On Sat, Jan 13, 2018 at 03:40:01PM +0000, Simon Riggs wrote: > The new two byte value is protected by CRC. The 2 byte value repeats > every 32768 WAL files. Any bit error in that value that made it appear > to be a current value would need to have a rare set of circumstances.
If you use the two lower bytes of the segment number, then this gets repeated every 64k segments, no? In terms of space this represents 500GB worth of WAL segments with a default segment size. Hence the more PostgreSQL scales, the more there is a risk of collision, and I am pretty sure that there are already deployments around allocating hundreds of gigs worth of space for the WAL partition. There are no problems of this class if using the 8-byte field xl_prev. It seems to me that we don't want to take any risks here.
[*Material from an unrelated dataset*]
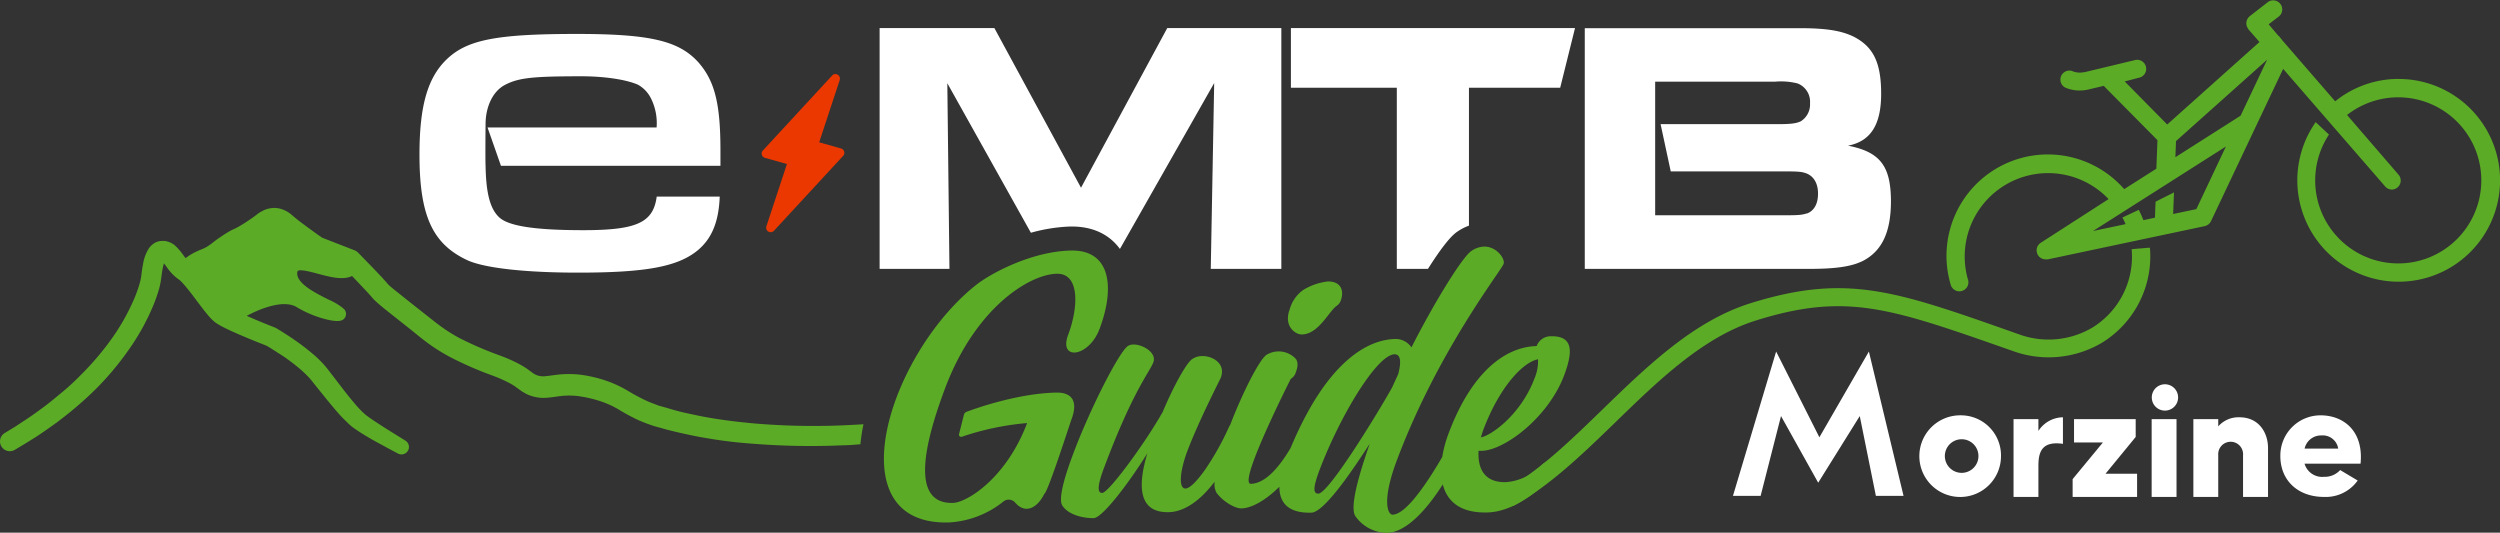 <?xml version="1.0" encoding="UTF-8"?> <svg xmlns="http://www.w3.org/2000/svg" id="Calque_1" data-name="Calque 1" viewBox="0 0 446.39 95.11"><rect x="0" y="0" width="446.39" height="95.11" fill="#333333" stroke="none"/><defs><style>.cls-1{fill:#fff;}.cls-2{fill:#5bab26;}.cls-3{fill:#eb3800;}</style></defs><path class="cls-1" d="M330,26c4-.77,5.92-3.67,5.92-9.26s-1.4-8.37-4.84-10.17c-2.23-1.1-4.9-1.55-9.8-1.55H283V48h40.09c4.9,0,7.7-.45,9.68-1.48,3.37-1.8,4.9-5.21,4.9-10.62C337.65,29.63,335.74,27.12,330,26Zm-7.38,12.1c-.83.26-1.34.33-3.95.33h-23.1V14.57H317a12,12,0,0,1,4,.32,3.5,3.5,0,0,1,2.22,3.54,3.54,3.54,0,0,1-1.65,3.22c-.83.38-1.72.51-4.2.51H296.54l1.81,8.43h20c2.87,0,3.38.07,4.14.33,1.4.51,2.16,1.8,2.16,3.66s-.75,3.09-2,3.54Z" transform="translate(-0.03 0.01)"></path><path class="cls-2" d="M183,85.65l.5-1v-.09l-.73,1Z" transform="translate(-0.03 0.01)"></path><path class="cls-1" d="M208.45,5l-15.4,28.51L177.58,5H157.09V48h12.47l-.38-33.15,14.92,26.7a29.84,29.84,0,0,1,6.9-1.11c4.94-.12,7.6,2.08,9,4l16.83-29.62L216.22,48h12.6V5Z" transform="translate(-0.03 0.01)"></path><path class="cls-2" d="M183,85.65l.5-1v-.09l-.73,1Z" transform="translate(-0.03 0.01)"></path><path class="cls-2" d="M150.47,75.94a125.48,125.48,0,0,1-15.87-.35c-2.63-.25-5.25-.55-7.84-1-1.3-.21-2.58-.5-3.86-.77s-2.5-.59-3.81-1l-1-.28a4.18,4.18,0,0,1-.85-.28c-.59-.21-1.17-.44-1.73-.69a34.47,34.47,0,0,1-3.39-1.81,20.71,20.71,0,0,0-4-1.84,24.18,24.18,0,0,0-4.28-1,17.76,17.76,0,0,0-4.49,0c-.7.09-1.37.19-1.92.24a3.41,3.41,0,0,1-1.31-.1,2.63,2.63,0,0,1-.55-.22l-.24-.13-.4-.29-.85-.62c-.33-.24-.66-.41-1-.62a27,27,0,0,0-3.92-1.76A62.12,62.12,0,0,1,82,60.32a29.23,29.23,0,0,1-3.18-2l-.81-.6-.75-.59-1.59-1.25-3.16-2.5c-1-.82-2.15-1.68-3-2.44l-.22-.22-.34-.4-.71-.79-1.4-1.48L64,45.13a1.89,1.89,0,0,0-.67-.45l-5.76-2.24L56.93,42q-1.09-.77-2.16-1.56l-1.34-1c-.46-.36-.76-.62-1.3-1.07a5.2,5.2,0,0,0-2.34-1.18A4.48,4.48,0,0,0,47,37.6l-.55.3c-.15.1-.4.26-.48.33l-.67.51c-.44.31-.89.62-1.35.92s-.93.59-1.38.84l-.33.18-.28.14a8.17,8.17,0,0,0-.94.46c-.58.33-1.09.67-1.58,1l-.36.24-.42.3-.71.55a9.7,9.7,0,0,1-1.2.81l-.3.15-.3.13-.41.16-.46.21a11.11,11.11,0,0,0-1.78,1l-.32.25-.29-.35a11,11,0,0,0-1.72-2,3.87,3.87,0,0,0-1-.54,4.46,4.46,0,0,0-.72-.18H29a2.71,2.71,0,0,0-1.46.43,3.31,3.31,0,0,0-.88.83A7.14,7.14,0,0,0,25.6,47c-.17.81-.26,1.6-.35,2.31a11.49,11.49,0,0,1-.45,1.84c-.2.64-.44,1.29-.7,1.93A38.34,38.34,0,0,1,20,60.43a50.05,50.05,0,0,1-5.51,6.48,41.53,41.53,0,0,1-3.13,2.92c-1.13.92-2.19,1.84-3.36,2.71S5.71,74.23,4.52,75L2.73,76.18.84,77.33a1.75,1.75,0,0,0,1.8,3L4.53,79.2,6.46,78q1.89-1.25,3.71-2.58c1.21-.91,2.4-1.84,3.55-2.83s2.27-2,3.35-3.07a51.74,51.74,0,0,0,5.89-7,40.68,40.68,0,0,0,4.47-8.06c.3-.72.56-1.46.8-2.22a13.82,13.82,0,0,0,.57-2.45c.1-.75.18-1.42.31-2a5.12,5.12,0,0,1,.2-.77c.2.26.46.6.73,1a10.39,10.39,0,0,0,.87,1c.17.17.36.34.55.5l.3.23.16.11h0a4.52,4.52,0,0,1,.61.55c.21.22.43.48.65.73.88,1.06,1.74,2.24,2.64,3.42.45.6.91,1.2,1.45,1.82a4.91,4.91,0,0,0,.43.48,6.51,6.51,0,0,0,.54.51l.07.07.11.09h0l.11.07.24.17.64.38c1.43.76,2.78,1.34,4.17,1.93s2.65,1.09,4,1.62c.49.28,1,.59,1.49.91l1.56,1c1,.69,2,1.44,2.93,2.23.45.39.9.8,1.3,1.21A12.08,12.08,0,0,1,56,68.37l2.42,3c.82,1,1.64,2,2.56,3,.47.49,1,1,1.5,1.47l.21.19.23.18.42.31.89.6c1.13.72,2.26,1.38,3.41,2S70,80.41,71.15,81a1.33,1.33,0,0,0,1.29-2.32h0C70.28,77.34,68.07,76,66,74.57c-.24-.18-.5-.36-.69-.52L65,73.78l-.14-.13-.15-.14q-.63-.62-1.2-1.29c-.8-.93-1.59-1.92-2.37-2.93l-2.35-3.06a17.4,17.4,0,0,0-1.37-1.61c-.49-.5-1-1-1.53-1.43a40.12,40.12,0,0,0-3.21-2.46c-.55-.38-1.1-.75-1.66-1.11s-1.11-.7-1.72-1.06a.88.88,0,0,0-.22-.1h0c-1.35-.53-2.71-1.08-4-1.64l-1-.43c2.47-1.32,6.67-3,9-1.52a19.23,19.23,0,0,0,4.66,2c3.06.86,3.57.24,3.81-.06a1.25,1.25,0,0,0-.18-1.72,10.91,10.91,0,0,0-2.64-1.59c-2.27-1.13-5.71-2.85-5.63-4.73a.65.65,0,0,1,.11-.41c.45-.33,2.36.18,3.62.52,2.11.56,4.45,1.19,6.06.39l1.37,1.44,1.36,1.45.64.7.32.38c.18.2.34.36.48.49,1.15,1.06,2.17,1.82,3.24,2.68l3.16,2.5L75,60.16l.83.65.81.6a32.88,32.88,0,0,0,3.66,2.28A61.87,61.87,0,0,0,87.84,67a27,27,0,0,1,3.43,1.53c.23.15.5.29.71.45l.78.56.42.31.63.37a5.54,5.54,0,0,0,1.31.53A6.93,6.93,0,0,0,97.8,71c.79-.07,1.45-.18,2.08-.26a13.19,13.19,0,0,1,3.55,0,21.6,21.6,0,0,1,3.56.81A16.7,16.7,0,0,1,110.31,73,37.07,37.07,0,0,0,114,75c.67.29,1.34.56,2,.79.37.12.63.23,1.07.35l1,.27c1.27.38,2.64.7,4,1s2.69.58,4,.79a80.57,80.57,0,0,0,8.15,1,130.88,130.88,0,0,0,16.33.3c1,0,2.07-.11,3.11-.18a33.27,33.27,0,0,1,.55-3.58C153,75.82,151.74,75.88,150.47,75.94Z" transform="translate(-0.03 0.01)"></path><path class="cls-1" d="M278.61,15.66,281.26,5H230.53V15.66h18.91V48H255c1.9-3,3.8-5.64,5.16-6.59a9.27,9.27,0,0,1,2.16-1.13V15.66Z" transform="translate(-0.03 0.01)"></path><path class="cls-2" d="M188.51,70.09c-6.82.18-14.16,2.78-15.89,3.43a.77.77,0,0,0-.48.54l-.87,3.45a.38.38,0,0,0,.28.47.37.37,0,0,0,.21,0,49,49,0,0,1,11.67-2.45c-3.79,10-10.84,14.2-13.24,14.26-7.54.2-5.26-10.23-1.39-20.52,5.39-14.31,15-20.28,19.91-20.4,4.21-.11,3.85,6.11,2.06,10.86s3.69,4.06,5.59-1c2.8-7.43,2-14.22-5.22-14-7,.18-14.23,4.1-16.77,6.1-6.1,4.8-11.39,12.53-14.24,20.08-4.35,11.56-3.06,22.68,9.29,22.37a17,17,0,0,0,9.81-3.77,1.53,1.53,0,0,1,2.08.24c2,2.28,4.16.59,5.19-1.59.61-.19,4.55-12.49,4.85-13.29C192.59,71.56,191.38,70,188.51,70.09Z" transform="translate(-0.03 0.01)"></path><path class="cls-2" d="M232.53,59.71c2.93-.07,4.81-4.16,6.15-5.09a2,2,0,0,0,.72-.87c.73-1.94,0-3.56-2.32-3.5a10.82,10.82,0,0,0-4.33,1.5,6.26,6.26,0,0,0-2.44,3.5C229.21,58.17,231.26,59.75,232.53,59.71Z" transform="translate(-0.03 0.01)"></path><path class="cls-2" d="M264.59,80.49c4.14-.1,11.9-6,14.72-13.46,1.79-4.75,1.35-7.08-2.39-7a2.68,2.68,0,0,0-2.51,1.75c-5.67.15-11.62,4.7-15.7,15.53a21.85,21.85,0,0,0-1.16,4.28c-2.75,4.72-6.46,10.24-8.86,10.3-.86,0-2-2.43.81-9.85,7.29-19.36,18.46-33.57,19-34.91.34-.91-1.25-3.17-3.52-3.11a4.27,4.27,0,0,0-2.3.84c-1.44,1-6.08,8.24-10.63,17.16a3.39,3.39,0,0,0-2.94-1.5c-4.91.13-12.17,4-18.64,19.47-1.63,2.76-4.23,6.32-7.09,6.39-.8,0-.31-2,.7-4.66,2.09-5.54,6.43-14.09,6.43-14.09a2,2,0,0,0,.88-1.11c.46-1.21.4-1.94,0-2.47a4.19,4.19,0,0,0-5.21-.71c-1.28.85-4.26,6.71-6.49,12.51a2.07,2.07,0,0,0-.19.32,49,49,0,0,1-4.27,7.65c-1.69,2.39-2.86,3.39-3.53,3.4-1.27,0-1-3.11.32-6.64,2-5.3,5.7-12.5,6-13.17.91-2.44-1.38-3.89-3.38-3.84a3.11,3.11,0,0,0-1.81.59c-1,.75-3.24,4.73-5.18,9.36C204.45,79.21,198,87.93,196.86,88s-.65-2,.41-4.77c5.11-13.58,8.06-16.85,8.7-18.55s-1.89-3.21-3.56-3.17a1.77,1.77,0,0,0-1,.27c-1.61,1.12-6.73,11.2-9.71,19.12-1.68,4.44-2.7,8.2-2,9.33,1.16,1.84,4.09,2.31,5.62,2.27s6.23-6.19,9.58-11.58c-1.27,4.26-2.43,10.68,3.84,10.52,2.46-.07,5.32-1.67,8.18-5.46a3.16,3.16,0,0,0,.33,2c1.23,1.66,3.37,2.81,4.44,2.79,2-.06,4.54-1.64,6.78-3.87,0,2.8,1.53,4.74,5.68,4.63,2.14,0,6.79-6.62,10.46-12.32-2.11,6-3.62,11.55-2.53,13a7,7,0,0,0,5.57,2.93c3.54-.09,7.15-4.21,10-8.65.79,3.1,3.23,5.15,8,5,3.84-.1,8-2.76,11.19-6.09,2.37-2.46.41-4.21-1.6-2.32a9.8,9.8,0,0,1-6.31,3c-4.07.1-5.06-2.7-4.89-5.6Zm.29-3.74c2.84-7.55,7-12.06,9.77-12.61a7.74,7.74,0,0,1-.64,3.45c-2.48,6.58-7.9,10.27-9.57,10.49C264.6,77.66,264.72,77.17,264.88,76.75ZM235.44,88.13c-.94,0-1-1,.18-4.16,3.58-9.5,10.22-20.64,13.42-20.72,1.27,0,1.11,1.78.65,3.54l-1.09,2.38C246.33,73.27,237.31,88.09,235.44,88.13Z" transform="translate(-0.03 0.01)"></path><path class="cls-2" d="M383.86,44.21l-3.2.27v.13a14.88,14.88,0,0,1-7,13.86,15.38,15.38,0,0,1-13.06,1.24l-1.41-.5c-20.88-7.35-29.52-10.4-46.59-5.08-10.12,3.16-18.39,11.18-26.39,18.93-5.83,5.66-11.33,11-17.3,14.31a1.61,1.61,0,1,0,1.57,2.82h0c6.33-3.52,12-9,18-14.81,7.72-7.5,15.71-15.25,25.1-18.17,16-5,23.81-2.27,44.56,5l1.45.51a18.68,18.68,0,0,0,15.77-1.54,18.11,18.11,0,0,0,8.56-16.88C383.87,44.29,383.87,44.25,383.86,44.21Z" transform="translate(-0.03 0.01)"></path><path class="cls-2" d="M428.3,14.08a18,18,0,0,0-11.31,4L407.61,7.26l-.51-.65a1.28,1.28,0,0,0-.29-.28l-1.7-2L407,2.88a1.62,1.62,0,0,0-2-2.54h0l-3.25,2.53a1.62,1.62,0,0,0-.28,2.27l0,.06,2,2.29L387,22.22l-7.59-7.69,2.62-.68a1.61,1.61,0,0,0-.79-3.13h0l-9,2.16h-.14a3.5,3.5,0,0,1-2.14-.23,1.61,1.61,0,0,0-1.13,3,6.71,6.71,0,0,0,4.22.29l2.61-.62,9.6,9.7-.2,5.09-5.74,3.65a18.1,18.1,0,0,0-31,17,1.61,1.61,0,0,0,3.14-.73c0-.05,0-.11-.05-.16a14.89,14.89,0,0,1,25.12-14.33L364.48,43.3a1.61,1.61,0,0,0,.86,3,1.93,1.93,0,0,0,.34,0l28-5.93a1.63,1.63,0,0,0,1.13-.88l12.89-27.2,18.22,21a1.62,1.62,0,0,0,1.22.55,1.61,1.61,0,0,0,1.17-2.65h0l-9.2-10.67a14.83,14.83,0,1,1-3.23,3.5l-2.37-2.22a18.1,18.1,0,1,0,14.8-7.71ZM392.2,37.33l-4.14.87.15-3.85L384.92,36l-.11,2.86-2.06.44a17.85,17.85,0,0,0-.83-1.84L379,38.83c.21.39.4.78.57,1.18l-5.82,1.23h0l23.73-15.09Zm7.9-16.68-11.64,7.41.11-2.88,16.27-14.53Z" transform="translate(-0.03 0.01)"></path><path class="cls-1" d="M386.44,73.3a2.35,2.35,0,1,0-2.19-2.19A2.34,2.34,0,0,0,386.44,73.3Z" transform="translate(-0.03 0.01)"></path><path class="cls-1" d="M349.87,74.15a7.29,7.29,0,1,0,7.45,7.28,7.16,7.16,0,0,0-7.05-7.28A2.67,2.67,0,0,0,349.87,74.15Zm0,10.24a3,3,0,1,1,.85,0A3,3,0,0,1,349.87,84.39Z" transform="translate(-0.03 0.01)"></path><path class="cls-1" d="M364,76.94V74.83h-4.44V88.72H364V83.24c0-2.33.44-4.57,4.38-4V74.5A5.29,5.29,0,0,0,364,76.94Z" transform="translate(-0.03 0.01)"></path><polygon class="cls-1" points="381.34 78.02 381.34 74.84 370.33 74.84 370.33 79.01 375.48 79.01 370.08 85.55 370.08 88.73 381.59 88.73 381.59 84.59 375.95 84.59 381.34 78.02"></polygon><rect class="cls-1" x="384.19" y="74.84" width="4.44" height="13.89"></rect><path class="cls-1" d="M399.91,74.5a4.82,4.82,0,0,0-3.8,1.62V74.83h-4.44V88.72h4.44V81.24a2.22,2.22,0,0,1,4.43-.3,1.5,1.5,0,0,1,0,.3v7.48H405V80C405,77.24,403.36,74.5,399.91,74.5Z" transform="translate(-0.03 0.01)"></path><path class="cls-1" d="M414.38,74.15a7.17,7.17,0,0,0-7.18,7.16v.12c0,4.33,3.12,7.29,7.81,7.29a7,7,0,0,0,6-2.93l-3.13-1.87A3.71,3.71,0,0,1,415,85.13a3.28,3.28,0,0,1-3.48-2.35h10C422.1,76.94,418.48,74.15,414.38,74.15Zm-2.85,5.94a3,3,0,0,1,3-2.35,2.79,2.79,0,0,1,3,2.35Z" transform="translate(-0.03 0.01)"></path><polygon class="cls-1" points="324.86 78.08 317.14 62.77 309.43 88.54 314.37 88.54 318.01 74.29 324.65 86.19 332.07 74.29 334.95 88.54 339.89 88.54 333.7 62.77 324.86 78.08"></polygon><path class="cls-1" d="M128.67,26.88c0-8.35-1-12.39-3.91-15.73-3.48-3.87-8.6-5.1-21.72-5.1-14.16,0-19.46,1-23.11,4.4-3.48,3.25-5,8.26-5,17.13,0,11,2.35,16,8.61,18.9,3.12,1.4,10.42,2.19,19.72,2.19,12.08,0,17.81-1.05,21.37-4,2.52-2.11,3.74-5.1,3.91-9.58H117.29c-.61,4.66-3.57,6-13.12,6-8.52,0-13.3-.71-15-2.29s-2.35-4.48-2.44-9.23h0c-.06-1.18,0-7.38,0-7.38,0-3.16,1.31-5.88,3.39-7,2.44-1.31,5-1.58,13.73-1.58,4.26,0,8.08.62,10.08,1.5a5.67,5.67,0,0,1,2.34,2.46,9.89,9.89,0,0,1,1,5.18H87.08c.65,1.84,2,5.71,2.4,6.85h39.19Z" transform="translate(-0.03 0.01)"></path><path class="cls-3" d="M148.59,13.5,136.24,26.87a.77.77,0,0,0-.18.75.8.8,0,0,0,.55.55l3.93,1.11-3.67,11.13a.79.79,0,0,0,.35.93.82.82,0,0,0,1-.14l12.35-13.37a.68.68,0,0,0,.18-.32.79.79,0,0,0-.52-1h0l-3.93-1.11,3.67-11.13a.8.8,0,0,0-.35-.93A.78.78,0,0,0,148.59,13.5Z" transform="translate(-0.03 0.01)"></path></svg>

IMHO we're missing a point here. When xl_prev is changed to a 2-byte value (as the patch suggests), the risk only comes when an old WAL file is recycled for some future WAL file and the old and the future WAL file's segment numbers share the same low order 16-bits. Now as the patch stands, we take precaution to never reuse a WAL file with conflicting low order bits.
This particular piece of the patch deals with that:
For example, old WAL file 000000010000000000000001 will NEVER be reused as 000000010000000000010001. So even if there are any intact old WAL records in the recycled file, they will be detected correctly during replay since the SegID stored in the WAL record will not match the SegID as derived from the WAL file segment number. The replay code does this for every WAL record it sees.
There were some concerns about bit-flipping, which may inadvertently SegID stored in the carried over WAL record so that it now matches with the current WAL files' SegID, but TBH I don't see why we can't trust CRC to detect that. Because if we can't, then there would be other problems during WAL replay.